This is a recipe for easy and visually appealing shrimp spring rolls, perfect as an appetizer. They are healthy because they are pan-fried with minimal oil. They are perfect for home parties or as snacks, with an authentic flavor that both adults and children will love.
Ingredients
Main Ingredients (Serves 8 rolls)
- Shrimp 8 pcs
- Spring Roll Wrappers 2 sheets
- Shiso Leaves 8 pcs
- All-purpose Flour (for pasting) (as needed)
- Water (for pasting) (as needed)
- Oil for frying (as needed)
Seasonings
- Salt (a pinch)
- Black Pepper (a pinch)
- Melted Butter 2 tbsp
- Sichuan Pepper (Hua Jiao) (a pinch)
- [A] Mayonnaise 2 tbsp
- [A] Mustard (a pinch)
- [A] Chili Oil (as needed)
Steps
- Make shallow cuts on the back of 8 shrimp. This is the key! This prevents the shrimp from curling up during cooking.
- Place the shrimp in a bowl and season with a pinch of salt and a pinch of black pepper.

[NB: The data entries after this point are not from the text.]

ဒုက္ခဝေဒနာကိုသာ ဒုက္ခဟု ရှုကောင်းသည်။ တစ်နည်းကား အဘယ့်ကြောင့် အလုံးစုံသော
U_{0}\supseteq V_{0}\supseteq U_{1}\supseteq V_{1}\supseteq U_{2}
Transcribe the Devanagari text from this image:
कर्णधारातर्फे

- Next, add 2 tbsp of melted butter and a pinch of Sichuan pepper, and mix well into the shrimp.
- Add water little by little to the all-purpose flour and mix to create a thick paste for sealing.

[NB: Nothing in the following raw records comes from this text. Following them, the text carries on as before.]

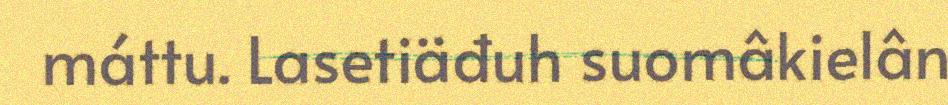
máttu. Lasetiäđuh suomâkielân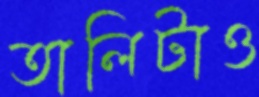
তালিটাও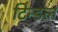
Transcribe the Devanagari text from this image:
टिन्डल

- Cut the 2 spring roll wrappers into 1/4 squares and trim the corners.
- Place a triangle of spring roll wrapper in front of you, lay down 1 shiso leaf, and then place 1 shrimp on top with the tail sticking out.
- Roll up tightly from the front, and seal with the flour paste you made. Roll the remaining shrimp in the same way.

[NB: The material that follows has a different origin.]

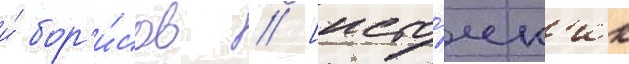
и́ бор'и́сов // [исто́чн'ик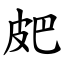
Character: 㿬

- Heat about 1cm of oil for frying in a frying pan to 170℃ (340°F).
- Lightly fry the trimmed ends of the spring roll wrappers, drain the oil, and set aside as chips.
- Next, place the rolled shrimp spring rolls in the frying pan and fry until golden brown, flipping them over.
- Drain the oil from the fried spring rolls and arrange them on a plate.
- Scatter the reserved spring roll wrapper chips over the spring rolls and serve.
- In a small dish, combine 2 tbsp of mayonnaise, a pinch of mustard, and chili oil as needed, and mix well to create the dipping sauce.